- Title: Afghan museum recreates Buddhist history, one broken piece at a time
- Date: 14th October 2019
- Summary: KABUL, AFGHANISTAN (OCTOBER 14, 2019) (REUTERS) VARIOUS OF AFGHAN CONSERVATOR SHERAZUDDIN SAIFI LOOKING AT PIECES OF STATUES REMNANTS AT NATIONAL MUSEUM OF AFGHANISTAN PIECES OF STATUES' REMNANTS ON THE TABLE SHERAZUDDIN'S HANDS WHILE CHECKING THE PIECE OF A STATUE SHERAZUDDIN'S FACE VARIOUS OF SHERAZUDDIN CHECKING STATUES' PIECES
- Embargoed: 28th October 2019 09:22
- Keywords: Afghanistan museum Buddhist history broken restored
- Location: KABUL, AFGHANISTAN
- City: KABUL, AFGHANISTAN
- Country: Afghanistan
- Topics: Art,Arts / Culture / Entertainment
- Reuters ID: LVA001B12HQVB
- Aspect Ratio: 16:9
- Story Text: Like assembling a 1,500-year-old jigsaw puzzle, conservators at the National Museum of Afghanistan are restoring the country's Buddhist history that the Taliban tried to erase.

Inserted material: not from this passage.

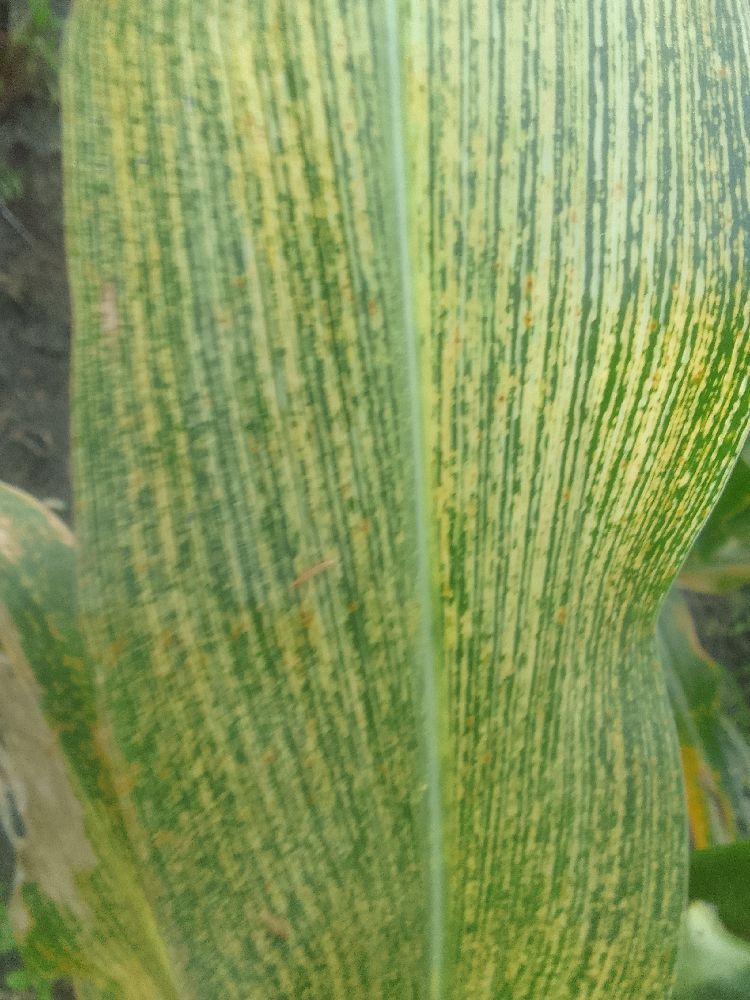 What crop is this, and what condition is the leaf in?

maize, maize streak virus
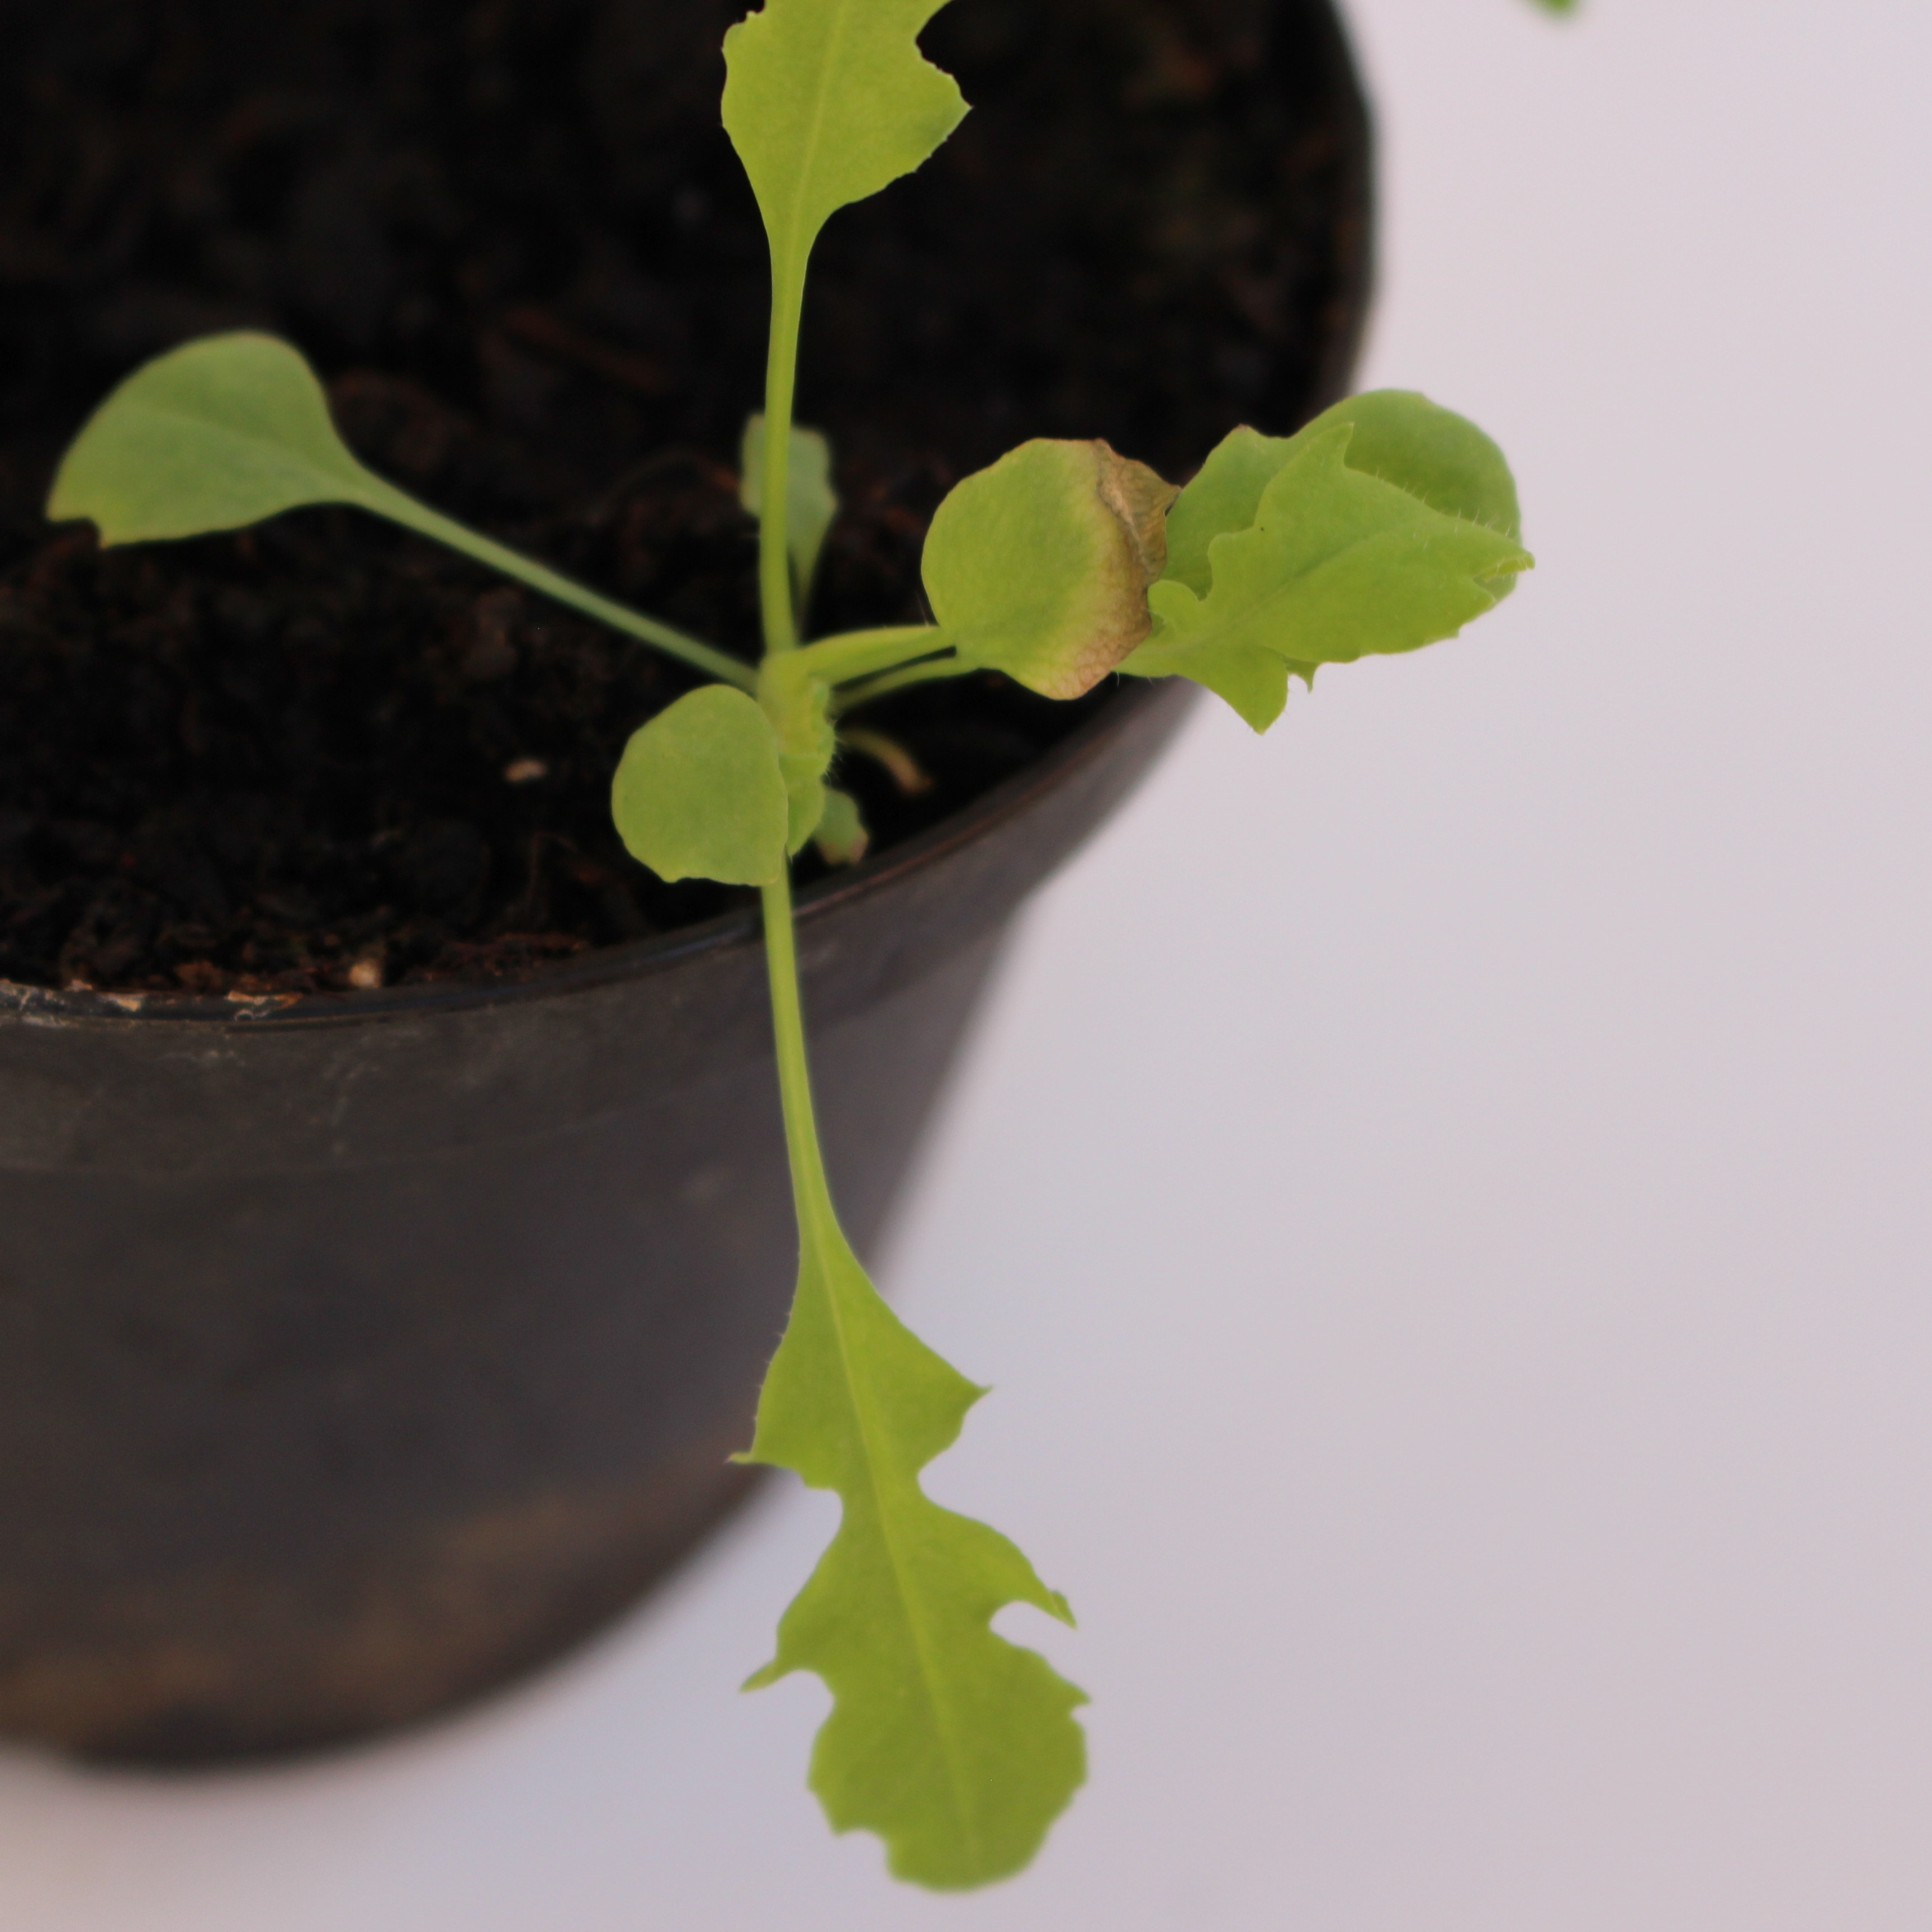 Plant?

Papaver rhoeas

The militant Islamic group went on a cultural rampage in 2001, destroying artefacts from as long ago as the third century, when many Afghans practised Buddhism. The destruction included two towering Buddha statues in Bamyan province and scores of smaller ones that had been excavated from Buddhist monastery sites and preserved at the Kabul museum.

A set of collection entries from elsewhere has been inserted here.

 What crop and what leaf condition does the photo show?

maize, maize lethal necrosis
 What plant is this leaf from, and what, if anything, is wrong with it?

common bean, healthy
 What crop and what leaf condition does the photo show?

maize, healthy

After the Taliban government fell the same year, the museum began restoring remnants of Afghanistan's Buddhist history. Its latest project, with U.S. support, aims to reassemble thousands of pieces into statues within the next three years.
Forty years of war, from the 1980s Soviet occupation to internal fighting and the war against the Taliban, have destroyed much of Afghanistan's art, artefacts and architecture. Warlords stole other pieces and sold them abroad.
In 2001, conservator Sherazuddin Saifi, 62, was working in the museum.
"They (Taliban) came with a number of people and opened the door of the national museum (of Afghanistan) and they started breaking the antiques," said Saifi, who still works at the museum.
Sometimes they work from archived photos that depict the statues intact. In other cases, 3-D imaging and imagination are required to sort and reassemble stucco shards of Buddha faces, hands and torsos.
(Production: Samargul Zwak / Aziz Mohammad / Hameed Farzad / Sayed Hassib)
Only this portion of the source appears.